• _EXERCISE DATA_:

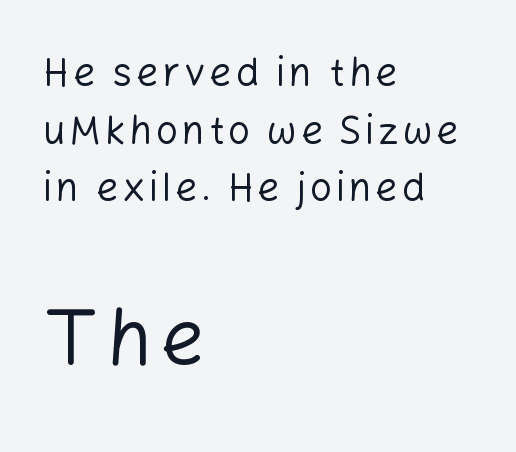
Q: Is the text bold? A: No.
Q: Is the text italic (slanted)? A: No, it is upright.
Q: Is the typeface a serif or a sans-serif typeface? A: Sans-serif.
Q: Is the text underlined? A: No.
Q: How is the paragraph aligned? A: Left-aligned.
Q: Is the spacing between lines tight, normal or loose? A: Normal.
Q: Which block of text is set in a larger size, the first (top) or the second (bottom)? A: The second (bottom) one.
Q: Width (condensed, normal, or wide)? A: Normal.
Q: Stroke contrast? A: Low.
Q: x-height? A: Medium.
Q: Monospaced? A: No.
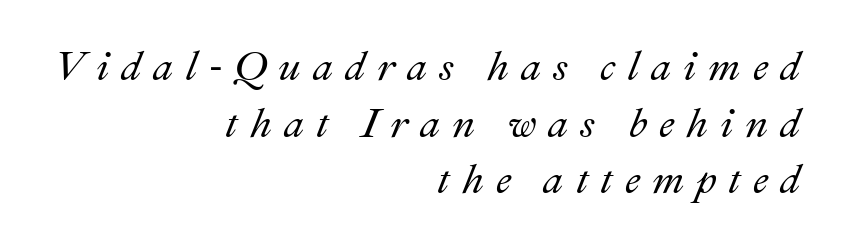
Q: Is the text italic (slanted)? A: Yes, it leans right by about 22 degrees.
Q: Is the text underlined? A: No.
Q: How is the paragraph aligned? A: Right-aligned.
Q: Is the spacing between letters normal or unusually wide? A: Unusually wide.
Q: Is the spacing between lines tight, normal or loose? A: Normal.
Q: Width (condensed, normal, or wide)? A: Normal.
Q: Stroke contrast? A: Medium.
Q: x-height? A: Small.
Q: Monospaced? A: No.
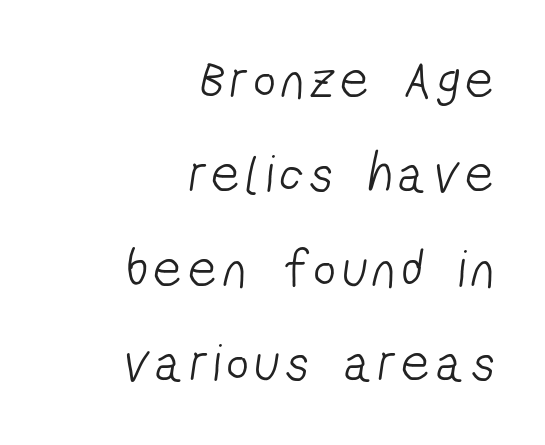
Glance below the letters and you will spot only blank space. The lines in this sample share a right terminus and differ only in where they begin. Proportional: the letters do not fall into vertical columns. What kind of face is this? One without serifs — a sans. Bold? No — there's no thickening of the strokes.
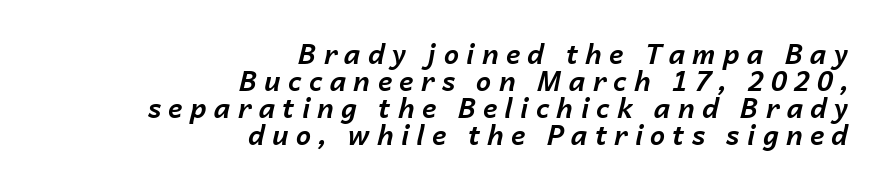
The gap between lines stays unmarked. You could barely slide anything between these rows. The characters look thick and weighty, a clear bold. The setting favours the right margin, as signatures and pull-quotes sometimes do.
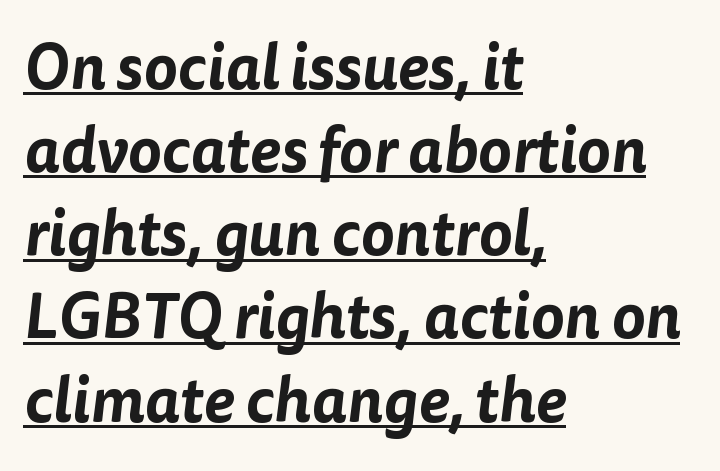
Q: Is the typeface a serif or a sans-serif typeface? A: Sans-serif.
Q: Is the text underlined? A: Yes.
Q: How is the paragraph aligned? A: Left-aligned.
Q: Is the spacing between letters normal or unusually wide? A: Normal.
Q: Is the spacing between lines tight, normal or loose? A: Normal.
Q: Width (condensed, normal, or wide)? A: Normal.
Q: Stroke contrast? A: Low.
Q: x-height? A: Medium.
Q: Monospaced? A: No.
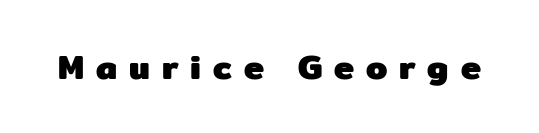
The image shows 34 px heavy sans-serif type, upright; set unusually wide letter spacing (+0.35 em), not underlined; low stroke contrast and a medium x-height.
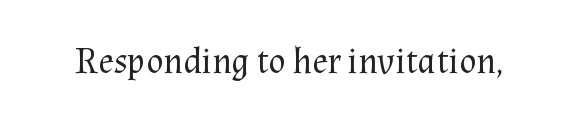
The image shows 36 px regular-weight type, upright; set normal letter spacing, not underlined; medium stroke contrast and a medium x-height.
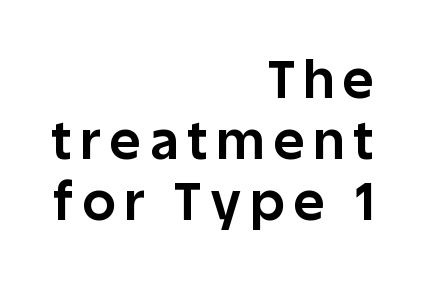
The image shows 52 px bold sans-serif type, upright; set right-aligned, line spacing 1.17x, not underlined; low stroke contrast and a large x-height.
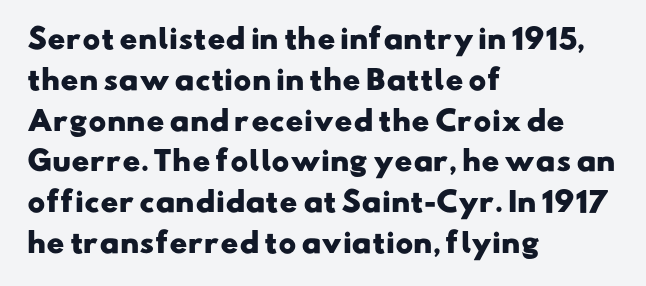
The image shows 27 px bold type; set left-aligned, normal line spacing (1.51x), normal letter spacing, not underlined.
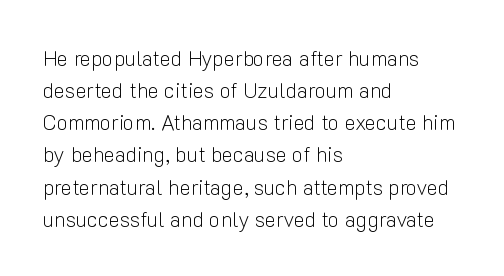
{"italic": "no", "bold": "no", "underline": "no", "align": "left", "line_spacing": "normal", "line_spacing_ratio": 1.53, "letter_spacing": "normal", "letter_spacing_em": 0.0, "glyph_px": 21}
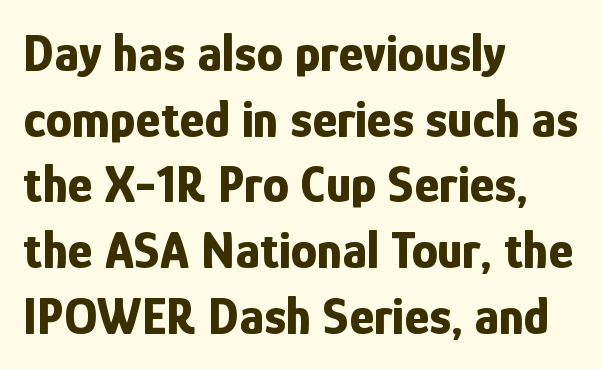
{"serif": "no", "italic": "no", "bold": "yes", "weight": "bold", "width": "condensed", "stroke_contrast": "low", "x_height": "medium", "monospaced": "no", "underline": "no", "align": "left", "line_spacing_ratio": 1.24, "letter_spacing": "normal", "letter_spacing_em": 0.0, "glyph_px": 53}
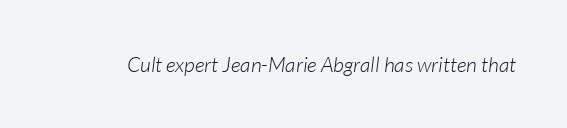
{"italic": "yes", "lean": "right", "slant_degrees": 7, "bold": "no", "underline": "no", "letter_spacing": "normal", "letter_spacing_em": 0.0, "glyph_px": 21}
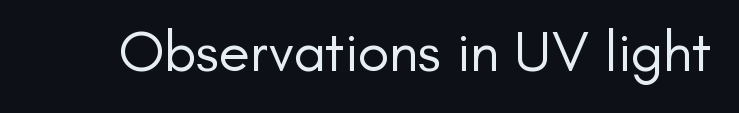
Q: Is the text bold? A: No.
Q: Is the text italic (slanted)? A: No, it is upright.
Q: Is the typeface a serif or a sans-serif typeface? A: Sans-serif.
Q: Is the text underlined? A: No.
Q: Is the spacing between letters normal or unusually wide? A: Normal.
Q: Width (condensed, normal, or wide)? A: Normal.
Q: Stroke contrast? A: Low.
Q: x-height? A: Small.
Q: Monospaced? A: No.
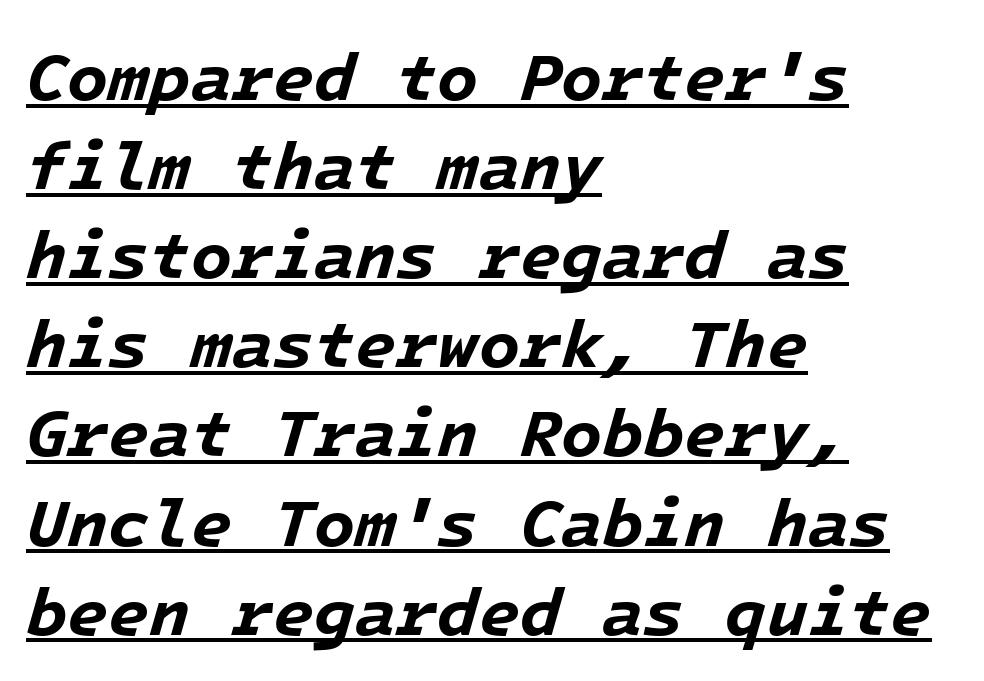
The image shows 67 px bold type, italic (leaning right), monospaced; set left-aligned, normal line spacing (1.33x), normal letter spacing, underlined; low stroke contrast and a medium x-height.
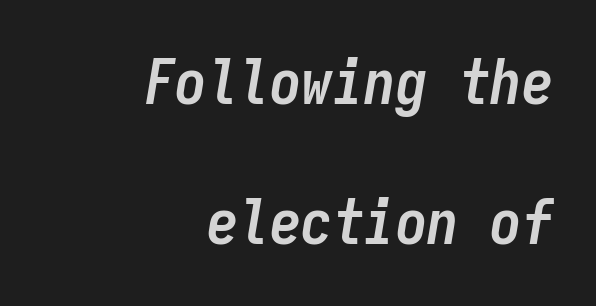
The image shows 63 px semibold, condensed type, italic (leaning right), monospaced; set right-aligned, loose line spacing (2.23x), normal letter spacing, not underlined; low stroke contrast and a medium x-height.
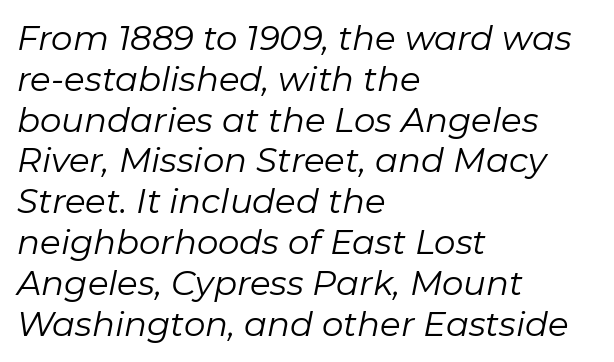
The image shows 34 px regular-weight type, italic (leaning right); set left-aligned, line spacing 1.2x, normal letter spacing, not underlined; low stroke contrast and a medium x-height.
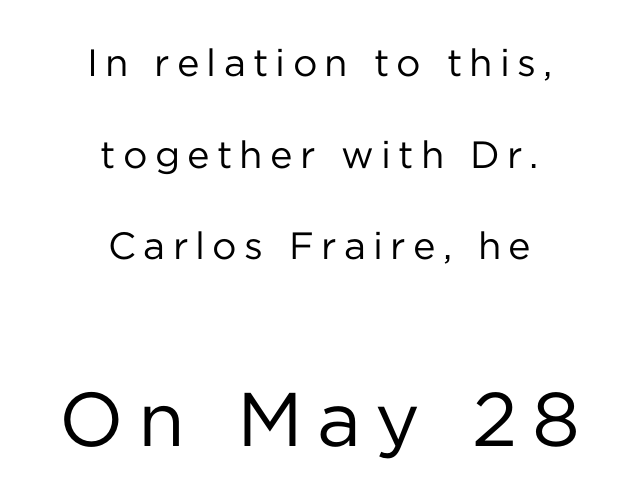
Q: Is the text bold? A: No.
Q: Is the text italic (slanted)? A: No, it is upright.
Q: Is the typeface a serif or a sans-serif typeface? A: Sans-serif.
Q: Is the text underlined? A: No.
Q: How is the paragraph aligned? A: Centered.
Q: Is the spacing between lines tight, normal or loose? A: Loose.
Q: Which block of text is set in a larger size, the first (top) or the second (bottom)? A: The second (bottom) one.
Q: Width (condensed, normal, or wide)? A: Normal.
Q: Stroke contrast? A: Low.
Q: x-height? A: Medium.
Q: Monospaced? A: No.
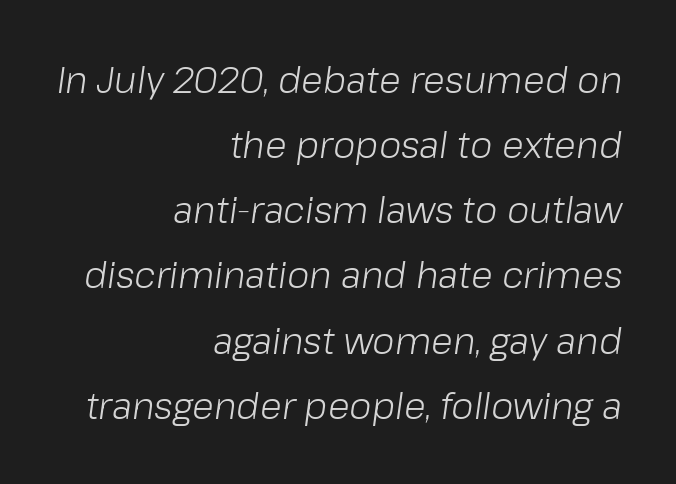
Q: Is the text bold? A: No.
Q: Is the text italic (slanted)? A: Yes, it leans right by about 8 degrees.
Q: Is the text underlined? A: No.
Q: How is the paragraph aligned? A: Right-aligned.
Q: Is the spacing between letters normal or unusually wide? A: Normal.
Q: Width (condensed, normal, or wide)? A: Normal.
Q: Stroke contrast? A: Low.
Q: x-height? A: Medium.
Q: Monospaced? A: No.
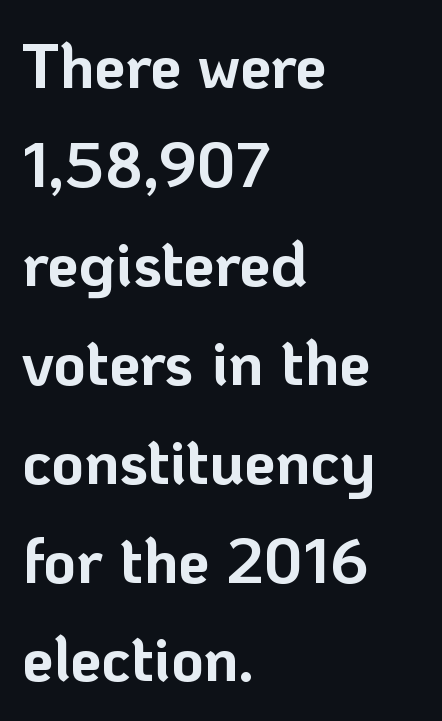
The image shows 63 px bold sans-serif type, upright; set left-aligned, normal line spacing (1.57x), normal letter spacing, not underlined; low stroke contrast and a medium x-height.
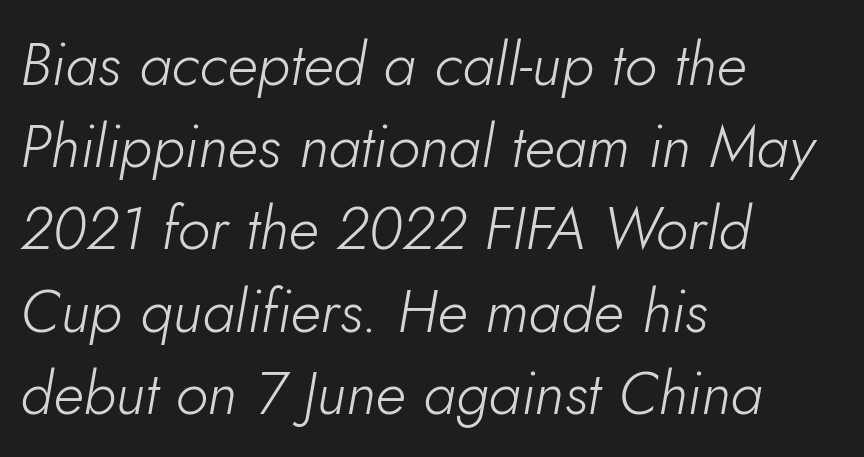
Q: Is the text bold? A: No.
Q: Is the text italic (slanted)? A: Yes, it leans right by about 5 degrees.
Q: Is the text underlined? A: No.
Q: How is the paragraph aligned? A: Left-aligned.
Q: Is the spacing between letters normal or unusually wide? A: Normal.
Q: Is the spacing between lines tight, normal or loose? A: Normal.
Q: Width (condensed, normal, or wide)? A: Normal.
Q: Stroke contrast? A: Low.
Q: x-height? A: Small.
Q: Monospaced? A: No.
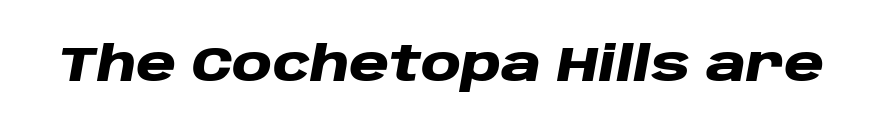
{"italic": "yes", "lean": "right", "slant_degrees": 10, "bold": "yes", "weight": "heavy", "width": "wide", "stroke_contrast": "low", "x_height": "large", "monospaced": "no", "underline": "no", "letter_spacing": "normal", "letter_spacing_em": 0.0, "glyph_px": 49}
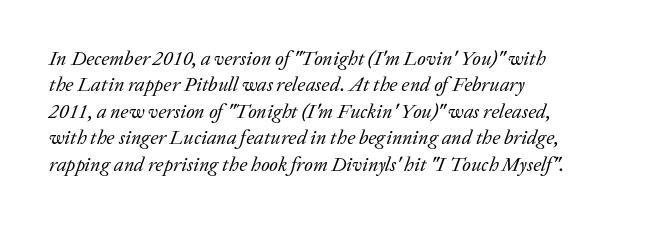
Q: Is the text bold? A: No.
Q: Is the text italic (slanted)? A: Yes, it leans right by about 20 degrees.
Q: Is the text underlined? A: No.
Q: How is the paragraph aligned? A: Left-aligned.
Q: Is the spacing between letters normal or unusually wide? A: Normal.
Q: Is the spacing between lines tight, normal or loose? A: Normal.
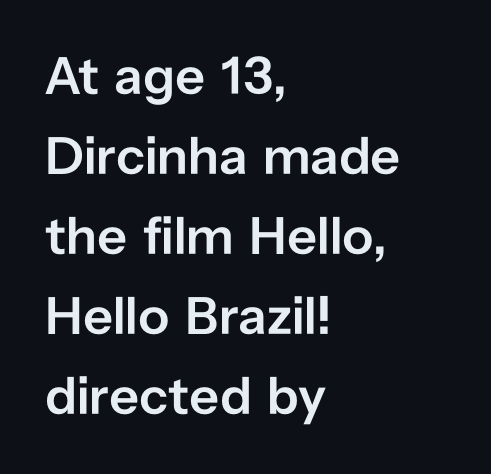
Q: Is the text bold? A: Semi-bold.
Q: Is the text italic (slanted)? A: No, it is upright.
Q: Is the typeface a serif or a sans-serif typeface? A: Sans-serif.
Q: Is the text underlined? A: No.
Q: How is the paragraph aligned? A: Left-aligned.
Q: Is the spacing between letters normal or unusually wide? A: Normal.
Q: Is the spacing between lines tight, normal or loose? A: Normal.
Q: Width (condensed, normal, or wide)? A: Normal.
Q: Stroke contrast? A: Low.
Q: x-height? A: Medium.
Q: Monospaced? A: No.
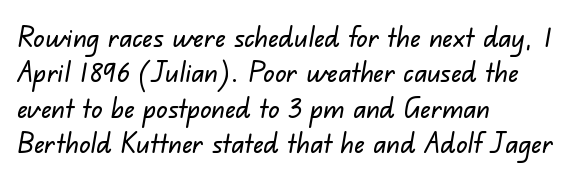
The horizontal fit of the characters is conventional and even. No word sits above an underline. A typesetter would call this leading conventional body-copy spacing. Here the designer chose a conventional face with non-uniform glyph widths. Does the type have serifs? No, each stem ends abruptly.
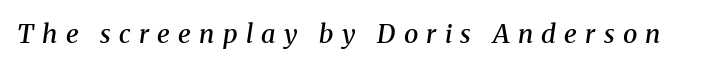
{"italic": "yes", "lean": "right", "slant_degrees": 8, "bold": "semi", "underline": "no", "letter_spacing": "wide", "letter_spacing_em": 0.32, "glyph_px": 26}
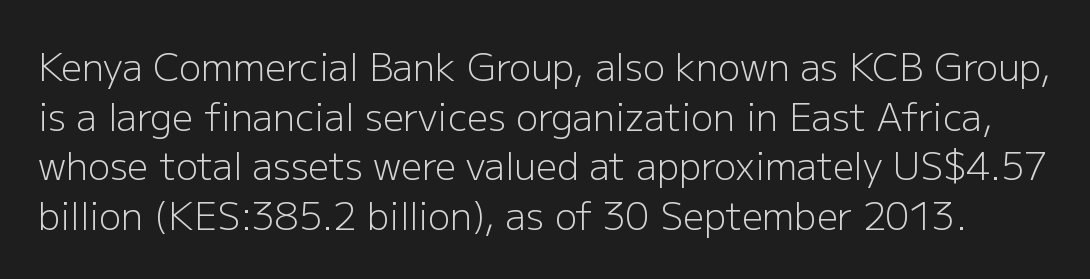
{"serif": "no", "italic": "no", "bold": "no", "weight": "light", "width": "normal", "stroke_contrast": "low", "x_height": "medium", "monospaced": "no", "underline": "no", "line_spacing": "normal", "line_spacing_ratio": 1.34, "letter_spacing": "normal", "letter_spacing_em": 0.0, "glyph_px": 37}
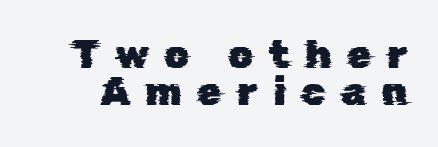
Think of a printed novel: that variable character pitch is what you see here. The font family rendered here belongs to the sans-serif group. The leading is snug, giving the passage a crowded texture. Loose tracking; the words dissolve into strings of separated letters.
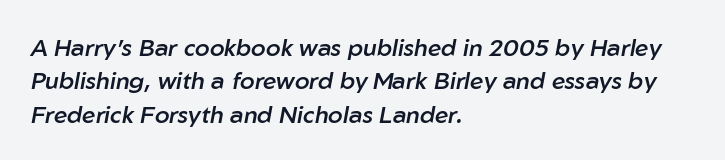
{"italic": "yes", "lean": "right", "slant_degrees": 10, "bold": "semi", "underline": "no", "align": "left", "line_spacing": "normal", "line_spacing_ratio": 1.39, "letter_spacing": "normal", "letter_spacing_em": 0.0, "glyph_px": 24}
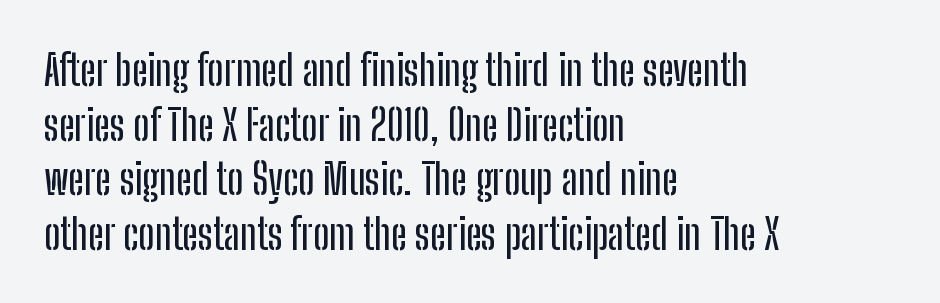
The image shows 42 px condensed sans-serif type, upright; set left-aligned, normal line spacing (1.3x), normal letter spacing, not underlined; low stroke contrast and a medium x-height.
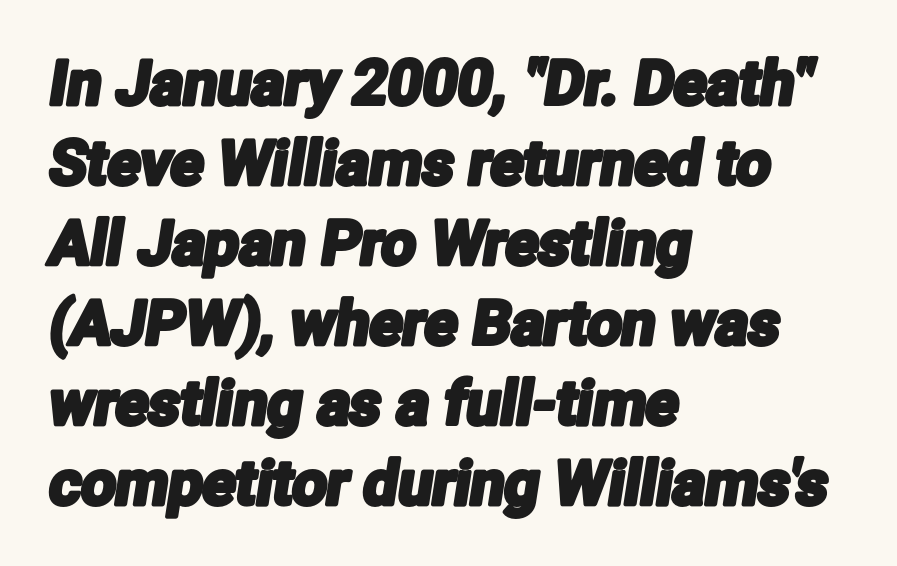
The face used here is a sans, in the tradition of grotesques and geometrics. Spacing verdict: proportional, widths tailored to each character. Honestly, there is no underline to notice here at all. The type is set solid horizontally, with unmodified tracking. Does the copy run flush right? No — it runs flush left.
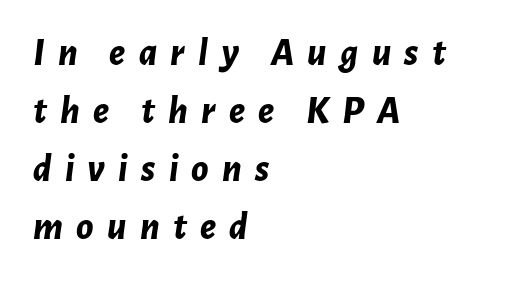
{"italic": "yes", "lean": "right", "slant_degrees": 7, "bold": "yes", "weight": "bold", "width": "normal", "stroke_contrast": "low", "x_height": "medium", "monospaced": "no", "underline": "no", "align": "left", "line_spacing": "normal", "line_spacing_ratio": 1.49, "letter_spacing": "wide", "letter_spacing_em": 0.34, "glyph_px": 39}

• _EXERCISE INSTRUCTIONS_:
Search the entries above for the string "serifs". Copy each line in which it appears.

• _RESPONSE BELOW_:
Glance below the letters and you will spot only blank space. The lines in this sample share a right terminus and differ only in where they begin. Proportional: the letters do not fall into vertical columns. What kind of face is this? One without serifs — a sans. Bold? No — there's no thickening of the strokes.
The horizontal fit of the characters is conventional and even. No word sits above an underline. A typesetter would call this leading conventional body-copy spacing. Here the designer chose a conventional face with non-uniform glyph widths. Does the type have serifs? No, each stem ends abruptly.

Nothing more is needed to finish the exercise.